### Problem
Print exactly the lines from the one containing "stomach: no" through the last line of the records below, both included, and nothing else; omit any pictures.

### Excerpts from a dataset

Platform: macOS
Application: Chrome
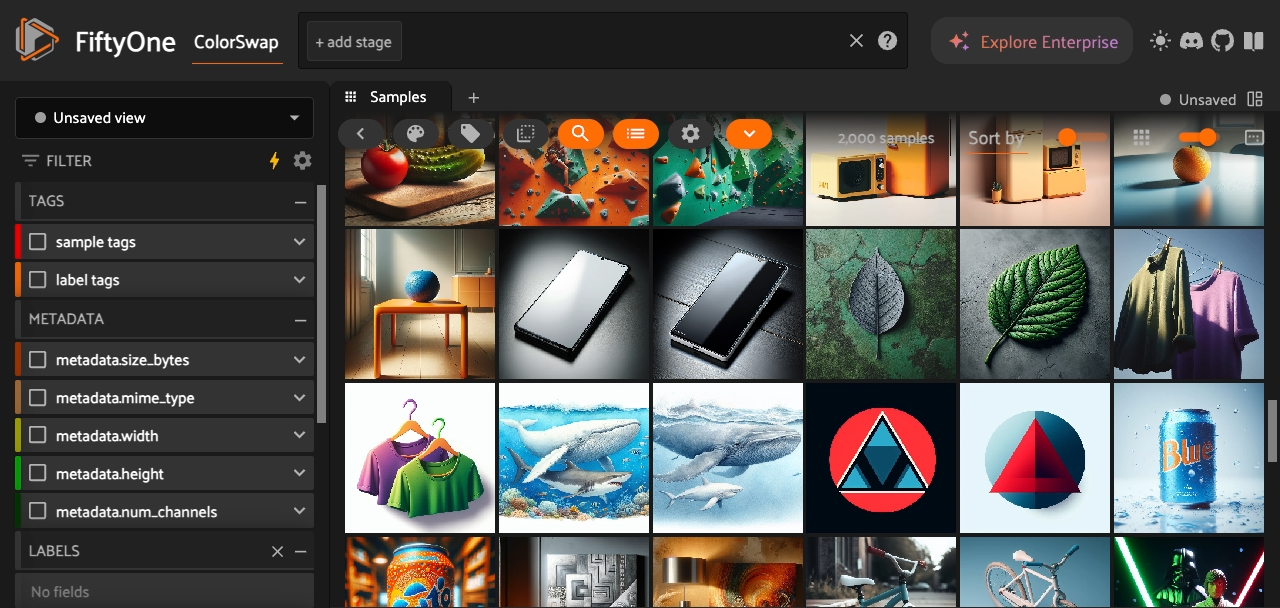
task_description: Show available filter options for the sample tags field
action_type: click
element_info: Icon
steps_since_start: 1
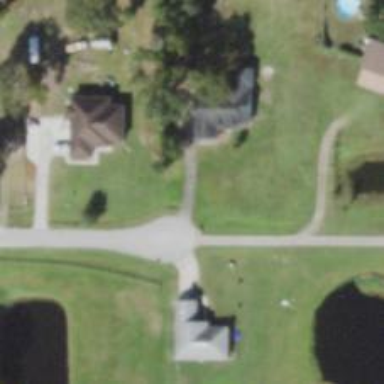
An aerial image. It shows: Driveway.
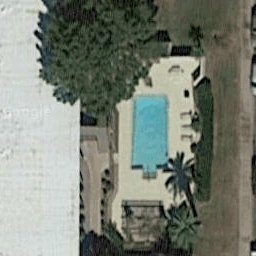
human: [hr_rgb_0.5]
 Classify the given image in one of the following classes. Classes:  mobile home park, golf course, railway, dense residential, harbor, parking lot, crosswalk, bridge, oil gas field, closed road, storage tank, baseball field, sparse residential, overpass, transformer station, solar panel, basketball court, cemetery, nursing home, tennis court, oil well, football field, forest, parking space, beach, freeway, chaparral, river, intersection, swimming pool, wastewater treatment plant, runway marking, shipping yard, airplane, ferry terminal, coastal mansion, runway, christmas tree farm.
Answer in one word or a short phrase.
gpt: swimming pool
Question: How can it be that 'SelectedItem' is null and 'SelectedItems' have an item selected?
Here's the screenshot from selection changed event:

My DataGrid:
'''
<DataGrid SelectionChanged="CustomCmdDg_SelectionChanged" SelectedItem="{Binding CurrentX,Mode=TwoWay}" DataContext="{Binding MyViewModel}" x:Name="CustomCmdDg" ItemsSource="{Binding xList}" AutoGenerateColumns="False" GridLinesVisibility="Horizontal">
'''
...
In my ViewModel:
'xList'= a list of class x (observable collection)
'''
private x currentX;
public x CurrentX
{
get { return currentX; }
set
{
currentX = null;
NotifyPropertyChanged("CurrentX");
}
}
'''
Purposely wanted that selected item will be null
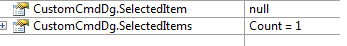
Answer: If you set your currentitem to null you should first remove it from the collection, then it will be gone from the selected items:
'''
Public ObservableCollection<x> xList
public x CurrentX
{
get { return currentX; }
set
{
xList.Remove(currentX)
currentX = null;
NotifyPropertyChanged("CurrentX");
}
}
'''
Your observable list will update itself
If you need to be able to manipulate the 'SelectedItems' collection you will have to provide a binding as well and peform the code required
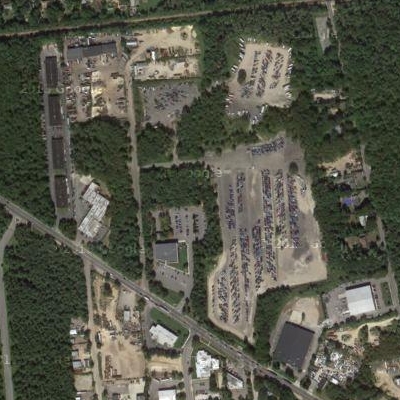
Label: Parking
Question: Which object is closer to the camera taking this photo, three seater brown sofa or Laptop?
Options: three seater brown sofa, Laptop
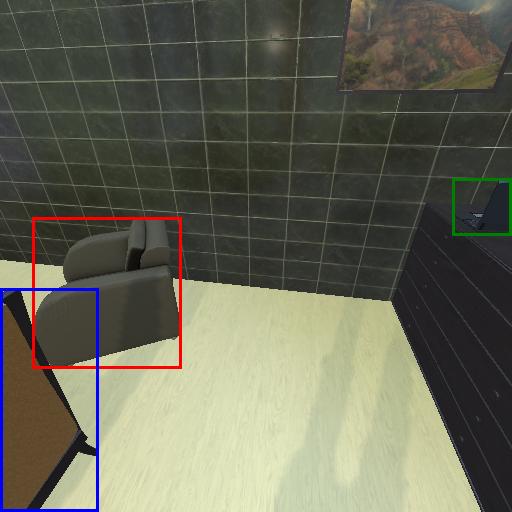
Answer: three seater brown sofa
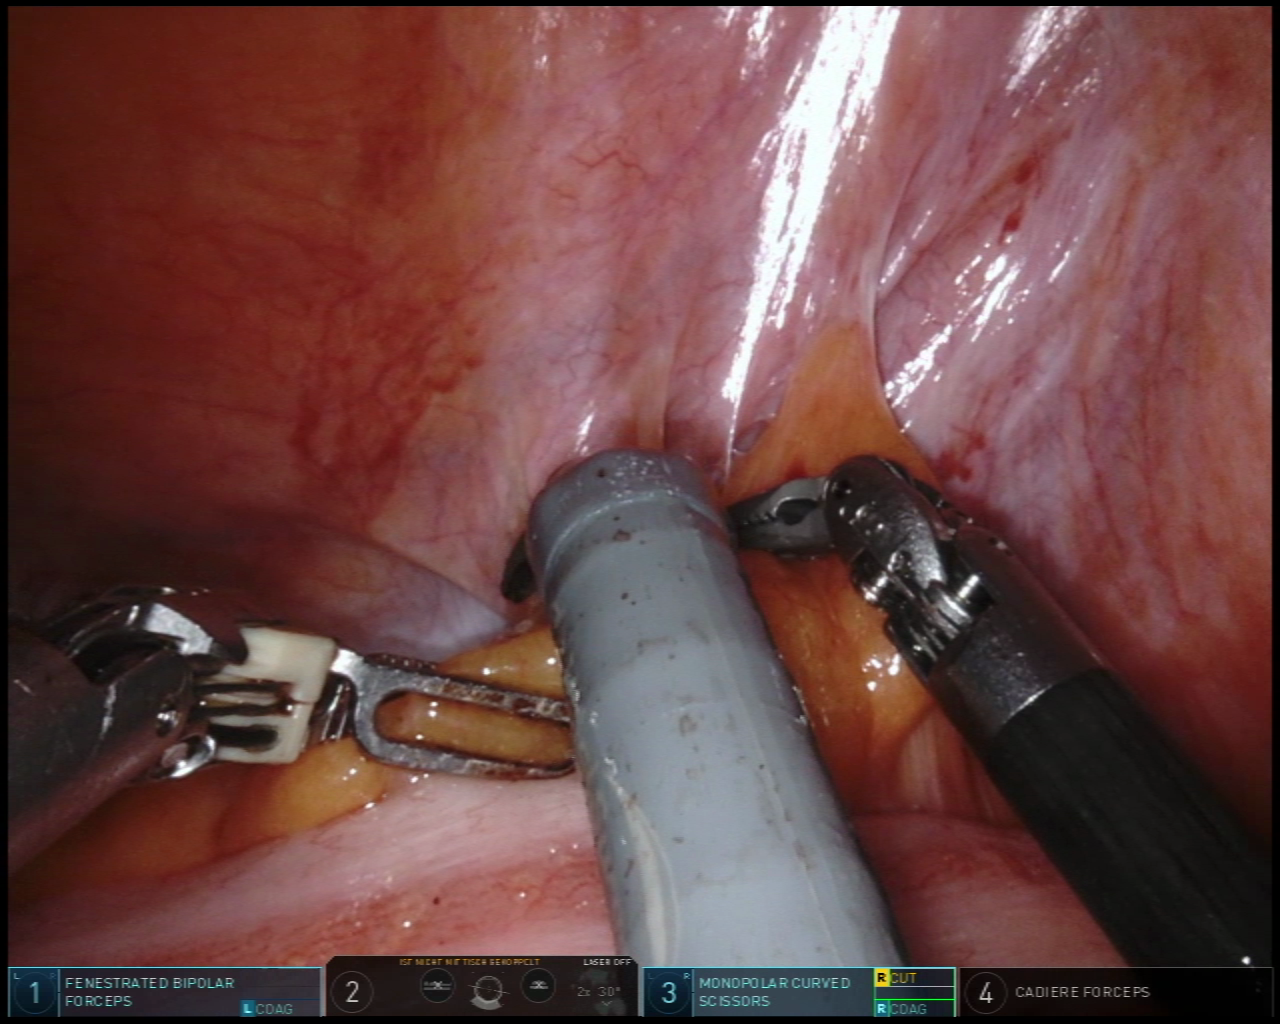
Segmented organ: colon
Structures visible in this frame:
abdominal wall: yes
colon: yes
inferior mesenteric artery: no
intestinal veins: no
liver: no
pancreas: no
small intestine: no
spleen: no
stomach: no
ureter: no
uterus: no
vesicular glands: no
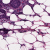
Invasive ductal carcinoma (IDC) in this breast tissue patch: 1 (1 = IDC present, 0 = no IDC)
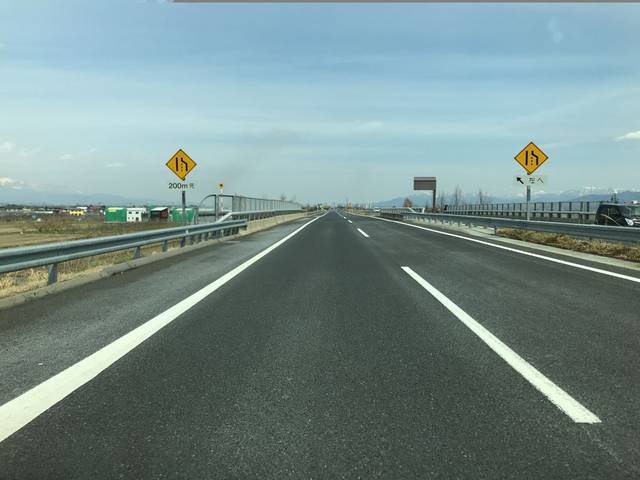
Region: Japan
Coordinates: 38.274, 140.294
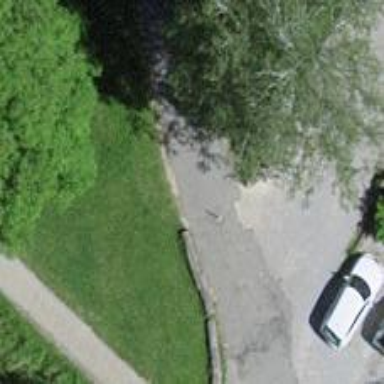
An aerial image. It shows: Bollard barrier.

### Finished task
stomach: no
ureter: no
uterus: no
vesicular glands: no
Invasive ductal carcinoma (IDC) in this breast tissue patch: 1 (1 = IDC present, 0 = no IDC)
Region: Japan
Coordinates: 38.274, 140.294
An aerial image. It shows: Bollard barrier.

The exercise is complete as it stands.